OneCare is a network of hospitals, doctors, nursing homes, visiting nurses and other providers. The ACO concept is to have providers coordinate care instead of each billing the patient separately for different services.

The ACO has a budget of $620 million and is expected to affect health care for 122,000 Vermonters, about one in five. The plan includes diverting some hospital care funding to support lower-cost preventative care in the community.

In late December, OneCare rejected Gutwin’s request for RehabGym to join the ACO. OneCare account specialist Kelley Beams told Gutwin: “Currently, we have not accepted PT’s in our ACO, but I will forward your message to my director and keep it on file in case this changes.”

Meanwhile, all of the physical therapists at UVMMC were listed as providers in the OneCare network.

Gutwin cried foul, telling Beams: “I feel strongly in patient choice and honest competition. If OneCare promotes exclusion in patient care, I will get involved to change that. Please let me know who I need to talk with.”

Gutwin said she did not receive a reply. A short time later, in early January, Gutwin laid out her concerns to the GMCB — with two of the board members, chair Kevin Mullin and Tom Pelham, asking Gutwin questions. Since she testified, Gutwin was invited to join a GMCB advisory board.

The ACO’s chief operating officer, Vicki Loner, told VTDigger last Thursday that “the door is not closed” on RehabGym joining OneCare, perhaps in 2018, and said that the rejection was not designed to favor hospital PT services over those of independent providers.

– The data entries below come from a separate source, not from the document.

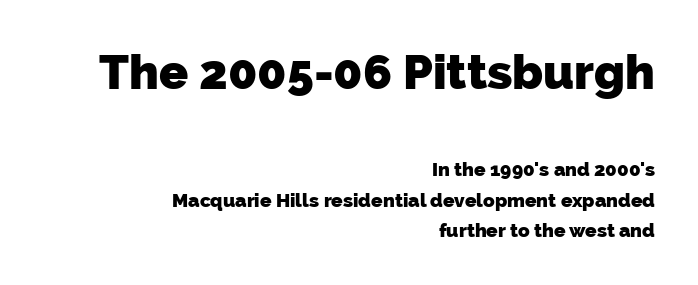
How are the letters spaced? Ordinarily, with no added tracking. Stroke thickness is high; the sample reads as a true bold. The vertical gap from one line to the next is medium. Each line ends at the same right margin while the left side varies.
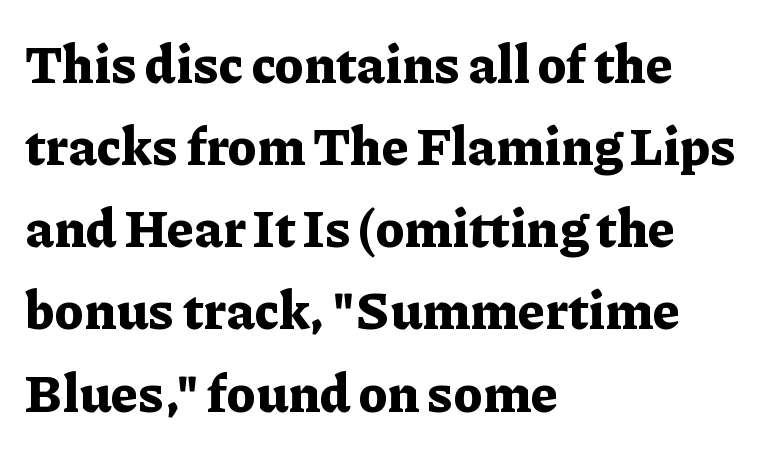
Q: Is the text bold? A: Yes.
Q: Is the text italic (slanted)? A: No, it is upright.
Q: Is the typeface a serif or a sans-serif typeface? A: Serif.
Q: Is the text underlined? A: No.
Q: How is the paragraph aligned? A: Left-aligned.
Q: Is the spacing between letters normal or unusually wide? A: Normal.
Q: Is the spacing between lines tight, normal or loose? A: Normal.
Q: Width (condensed, normal, or wide)? A: Normal.
Q: Stroke contrast? A: Low.
Q: x-height? A: Medium.
Q: Monospaced? A: No.
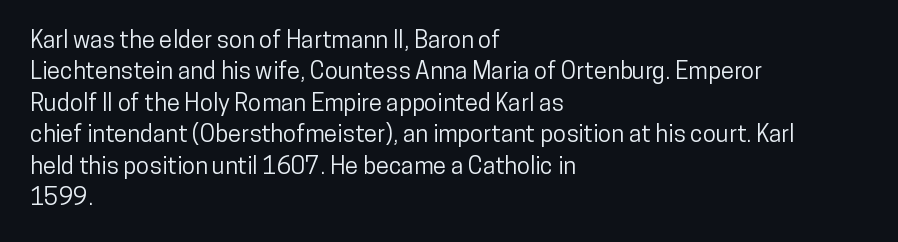
Q: Is the text italic (slanted)? A: No, it is upright.
Q: Is the text underlined? A: No.
Q: How is the paragraph aligned? A: Left-aligned.
Q: Is the spacing between letters normal or unusually wide? A: Normal.
Q: Is the spacing between lines tight, normal or loose? A: Normal.
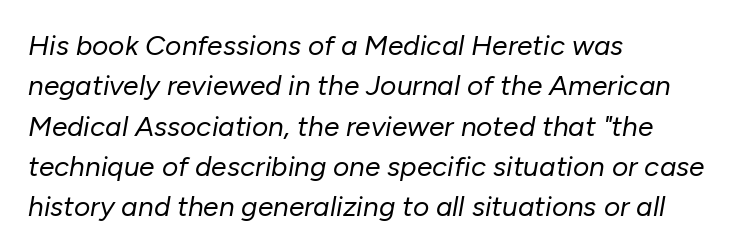
{"italic": "yes", "lean": "right", "slant_degrees": 10, "bold": "no", "weight": "regular", "width": "normal", "stroke_contrast": "low", "x_height": "medium", "monospaced": "no", "underline": "no", "align": "left", "line_spacing": "normal", "line_spacing_ratio": 1.44, "letter_spacing": "normal", "letter_spacing_em": 0.0, "glyph_px": 28}
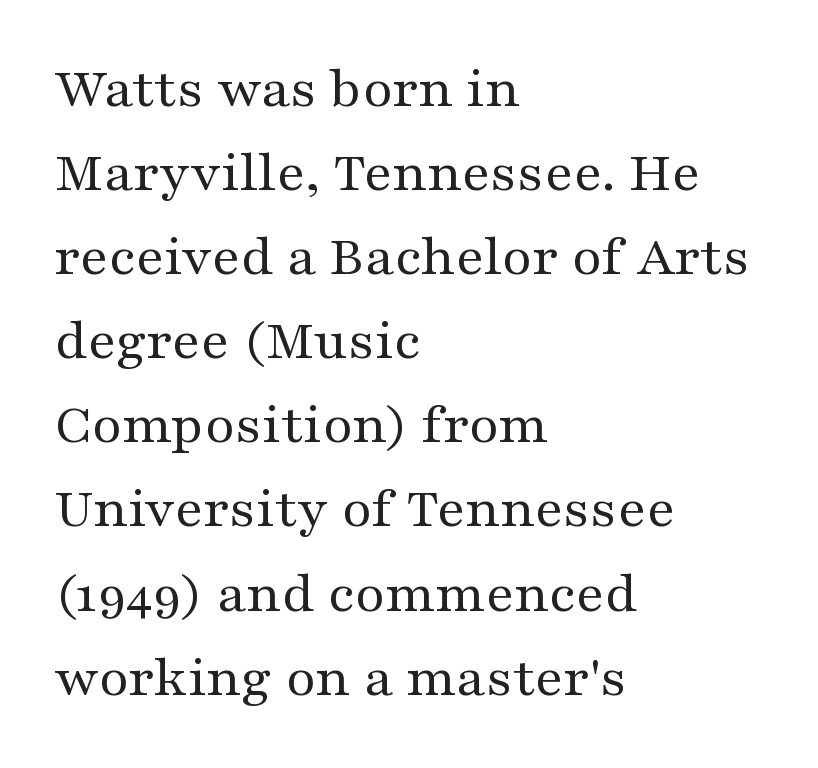
The image shows 58 px regular-weight, wide serif type, upright; set left-aligned, normal line spacing (1.45x), normal letter spacing, not underlined; medium stroke contrast and a medium x-height.

Loner said the UVM Medical Center and Central Vermont Medical Center physical therapists were automatically enrolled as members of the ACO when the hospitals became members last year. If the ACO, which just started, is expanded to include outside PT groups, Loner said that all PTs would be welcome.

Communications with Gutwin could have been better, Loner said. For example, she said OneCare should have been clearer that no “private” physical therapists were among the ACO providers.

Loner described OneCare as an evolving organization and said last year’s setup was chaotic, similar to any new business. The ACO officially started Jan. 1. Loner said the ACO will be adding more providers this year, but said including them without a meaningful role would be window dressing and unproductive.

“We want to make sure we’re creating something for (new admitants) to join, to be involved in some of our prevention strategies, to be involved in our care coordination programs. That’s the whole premise behind what we think about what providers we’re going to bring in the following year,” Loner said.

The OneCare chief operating officer said joining the ACO is not automatically a financial boon — the types of contracts between providers and the ACO can range from a straight fee-for-service to a bulk payment to cover a designated group, the latter requiring some providers to take a financial risk, she said.

In her testimony to the GMCB, Gutwin also raised concerns that OneCare is too dominated by UVM Medical Center and UVM Health Network officials. UVMMC and Dartmouth-Hitchcock co-founded the network and provided “substantial financial support and human resources for the establishment of infrastructure and operational support” for OneCare Vermont, according to the ACO website.

“For this ACO to work fairly, there should be people leading it who are not also working for the hospital,” Gutwin said.